You can probably see already that I wasn't a fan of the modernization either. It's not that I needed them to speak Shakespearean English: quite the opposite, in fact. The texting was fully unintelligible, and nothing will convince me it was authentic to the way teens texted in 2011. But these were modern characters speaking to each other in a modern context. Side characters had names like Kim and Lauren and Zara. The author says this was an intentional choice to create a distinction between the Hamlet world and Ophelia's outside world, but it just made the book feel disjointed and awkward. Especially when the characters would slip into Shakespearean language from the original script, which never felt well-integrated.


It felt exceptionally lazy. Instead of awkwardly shoving in the language that made sense when Shakespeare wrote it, why not reimagine it to fit your own characters in their unique contexts? Take the "to be or not to be" soliloquy. In this book, Hamlet is scribbling the phrases "to be" and "not to be" on a piece of paper; when questioned, he goes on to share the rest of the speech in awkwardly re-written modern language. The author says that she had him writing the iconic phrase because "having him say it out loud sounded too clunky" (from the Author's Note), but the whole thing felt clunky. What does the phrase "to be or not to be" mean to this 2011-Frat Bro-Hamlet other than it was something Hamlet-Proper said? Instead of jamming in the phrase just because it is iconic, it would've been a more powerful scene if the author had done genuine character work to understand This Hamlet, because it's not the words he says that people connect to, it's the message.

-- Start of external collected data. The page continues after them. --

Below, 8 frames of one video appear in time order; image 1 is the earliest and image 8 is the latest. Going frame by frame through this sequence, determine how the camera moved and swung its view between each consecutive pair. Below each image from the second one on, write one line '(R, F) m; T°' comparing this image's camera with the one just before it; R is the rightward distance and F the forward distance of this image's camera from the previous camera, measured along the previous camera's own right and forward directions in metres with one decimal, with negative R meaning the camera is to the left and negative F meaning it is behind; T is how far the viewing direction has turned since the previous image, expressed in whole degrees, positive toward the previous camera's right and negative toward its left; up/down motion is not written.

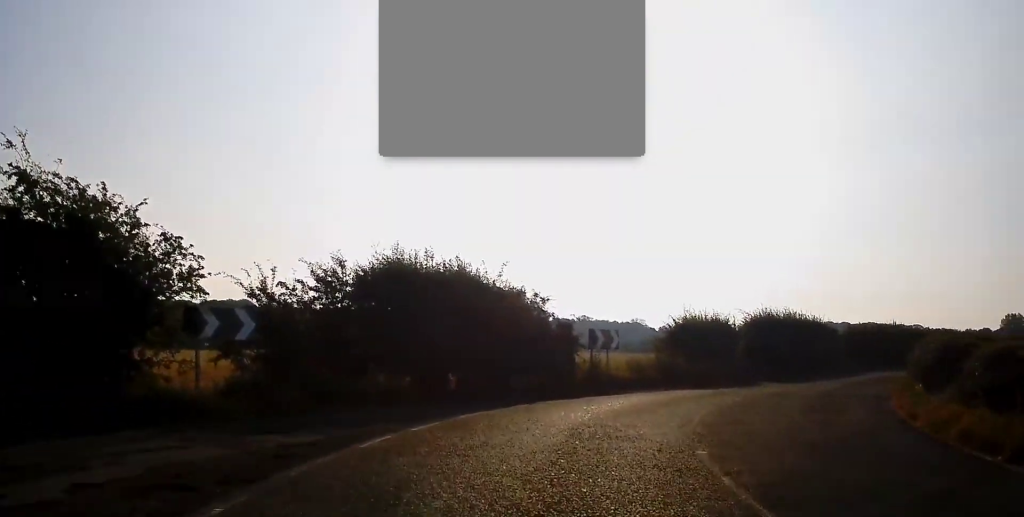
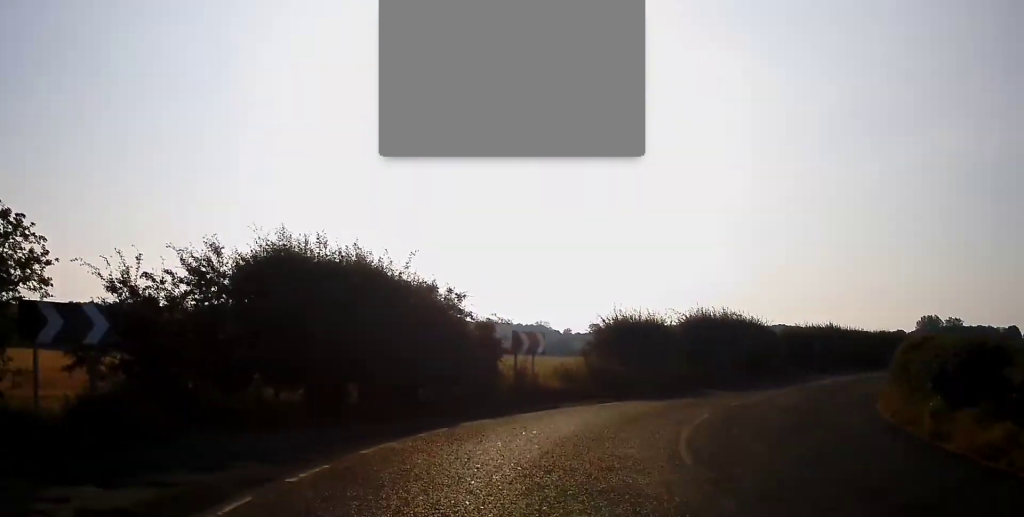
(+0.4, +3.3) m; +7°
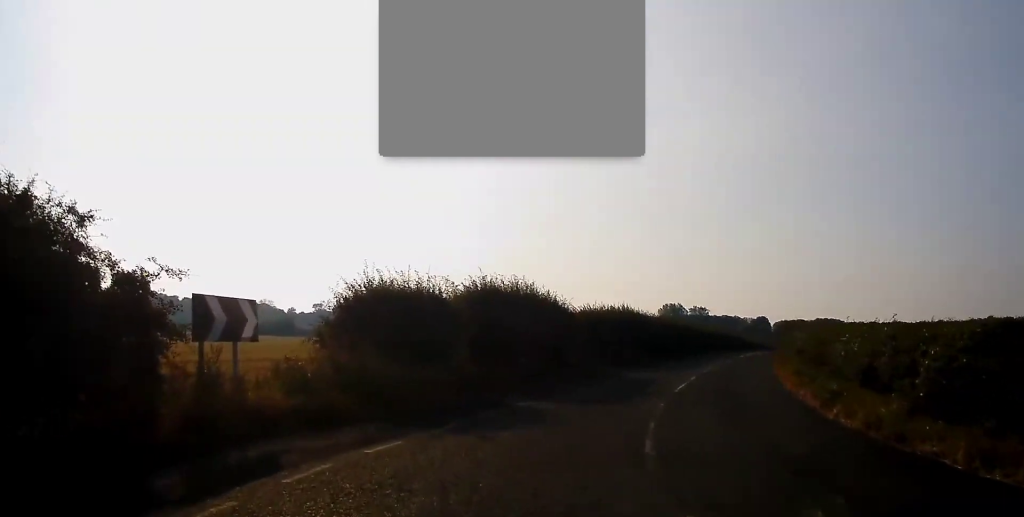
(+1.7, +9.1) m; +19°
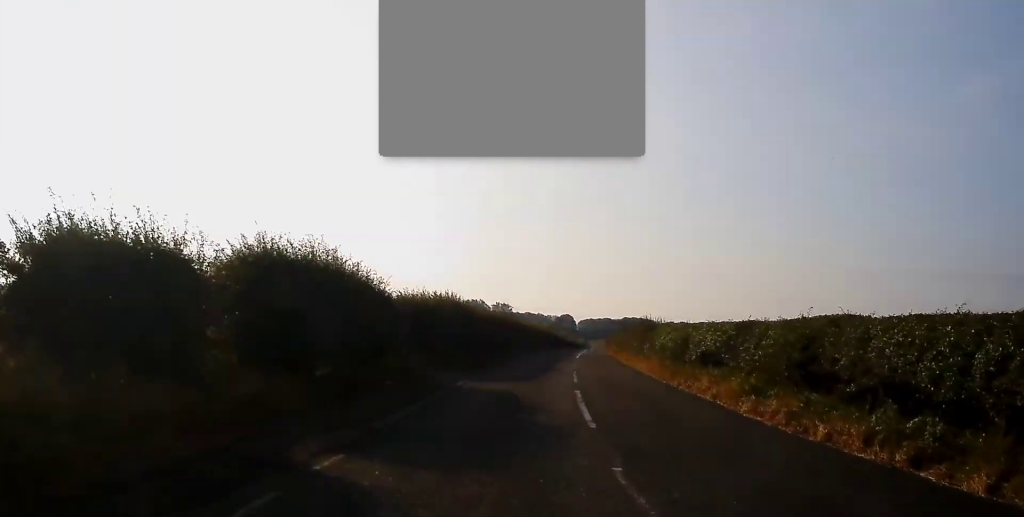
(+0.7, +7.2) m; +13°
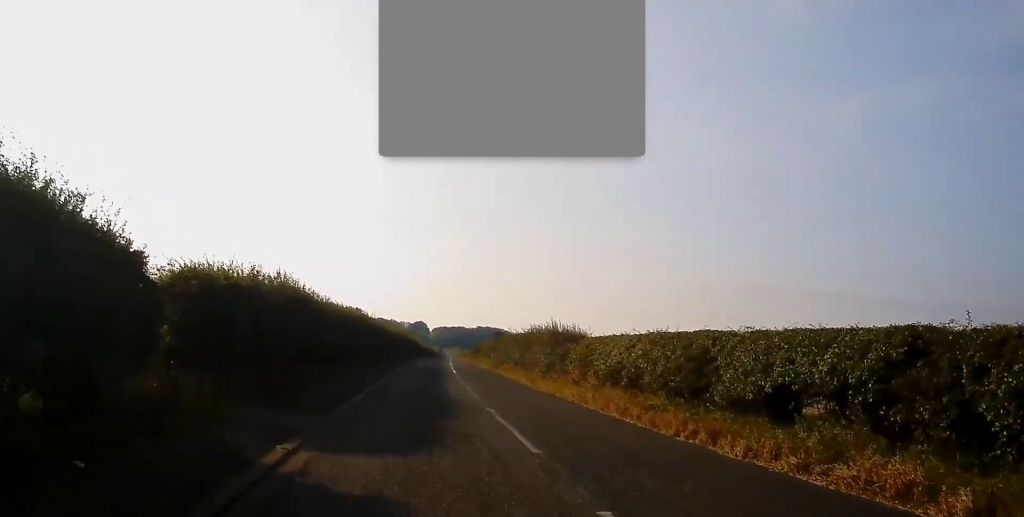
(+1.5, +10.4) m; +14°
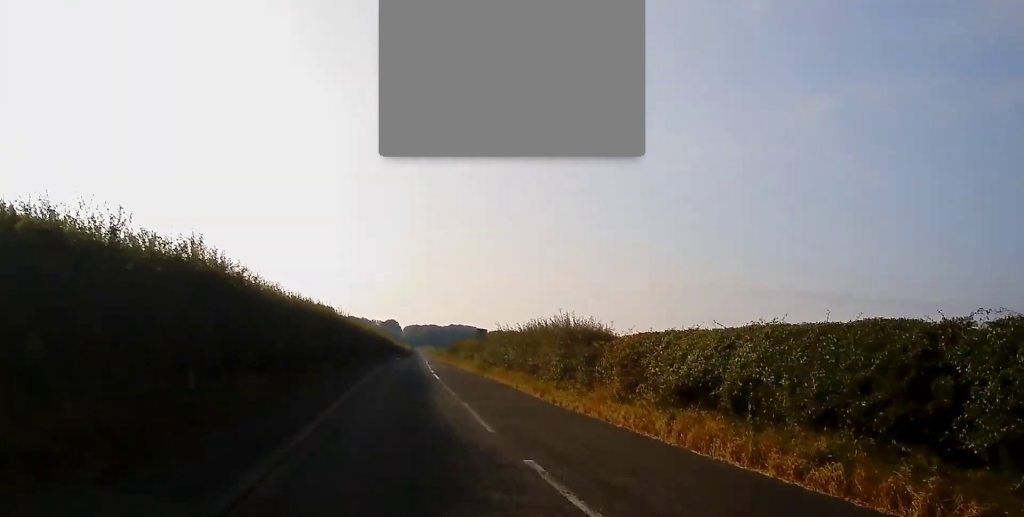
(+0.4, +6.4) m; +2°
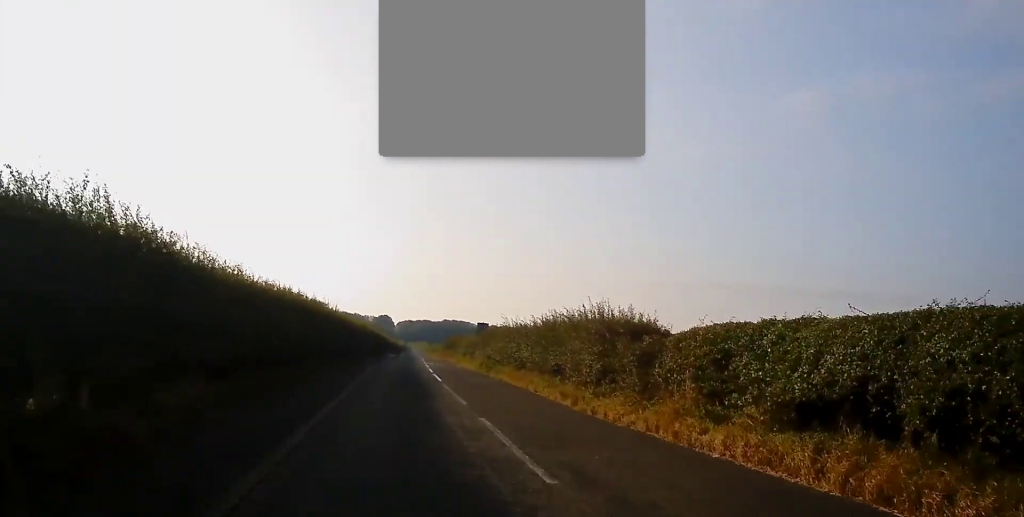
(0.0, +4.3) m; 0°
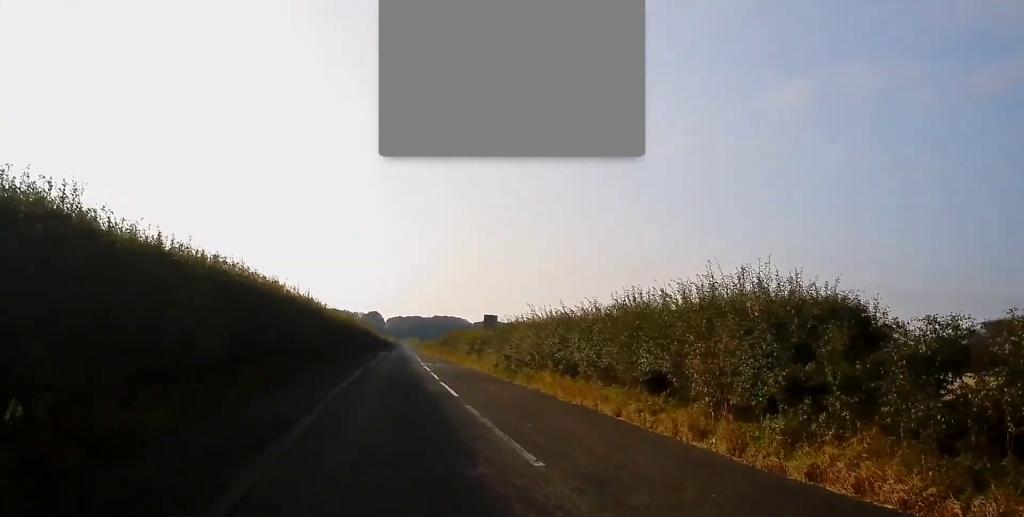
(-0.2, +8.1) m; 0°

This is just one example: there are a good hand-full of times that language from the play is mashed directly into the story, and it never comes across well. Unfortunately, I imagine this is because the author had zero faith in her readers. Again, in the author's note she admitted that she felt the need to immediately follow another phrase with its colloquial translation "so readers knew what I meant." But people have been reading/viewing and understanding "Hamlet" for literal centuries. I do not need Hamlet dumbed down for me, and neither do the teenagers who are in the target demographic for this book (trust me: they're all reading it in school right now). It's not only an insult to your readers, it's an insult to the source material, which is never something you want to see from a retelling.

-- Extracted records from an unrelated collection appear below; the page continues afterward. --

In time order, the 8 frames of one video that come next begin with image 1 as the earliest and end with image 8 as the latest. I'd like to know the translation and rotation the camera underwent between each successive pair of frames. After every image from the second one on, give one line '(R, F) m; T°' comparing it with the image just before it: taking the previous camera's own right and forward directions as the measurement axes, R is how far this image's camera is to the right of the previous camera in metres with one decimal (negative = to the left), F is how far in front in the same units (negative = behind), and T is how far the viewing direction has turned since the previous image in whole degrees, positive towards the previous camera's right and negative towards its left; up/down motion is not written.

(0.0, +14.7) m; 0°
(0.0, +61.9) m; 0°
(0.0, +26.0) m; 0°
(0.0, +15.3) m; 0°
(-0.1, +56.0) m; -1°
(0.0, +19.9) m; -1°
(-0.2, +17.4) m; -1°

The most obvious change from the original play is that Ophelia gets to live in this one. And good for her! Truly! I just wish it had been done in a way that also made the character feel more whole, with real depth — something that the author criticizes Shakespeare for failing to do (a take that I strongly disagree with, but I digress). Ophelia may have gotten to live, but she was absent from most of the crucial scenes. This is excusable in the play, where she's a side character, but this is meant to be her story. Hamlet makes and executes plans and she only gets to be present for the fallback, her father dies in a different room and her entire arc surrounding that takes place isolated in a locked room, and — most unforgivably — she is absent for the whole climax of the book. Since she is meant to be dead at this point, she is in hiding, which means the whole mass murder scene happens while she is basically on Facetime, and she gets cut off before anyone dies. Never mind this being a retelling: that's unacceptable for any novel.


Honestly, everything about this book felt soulless and empty. This book didn't add anything new to the conversation surrounding Hamlet and Ophelia. It overexplained Shakespeare while disregarding the themes of suicide, power, complicated relationships, and madness that drew people to the original play in the first place. It seemed like the author simply didn't like "Hamlet" and was convinced she could write a better version. But if you're putting yourself in a writing competition with Shakespeare, you're always going to lose. Have some faith in your readers and tell the story you actually want to tell.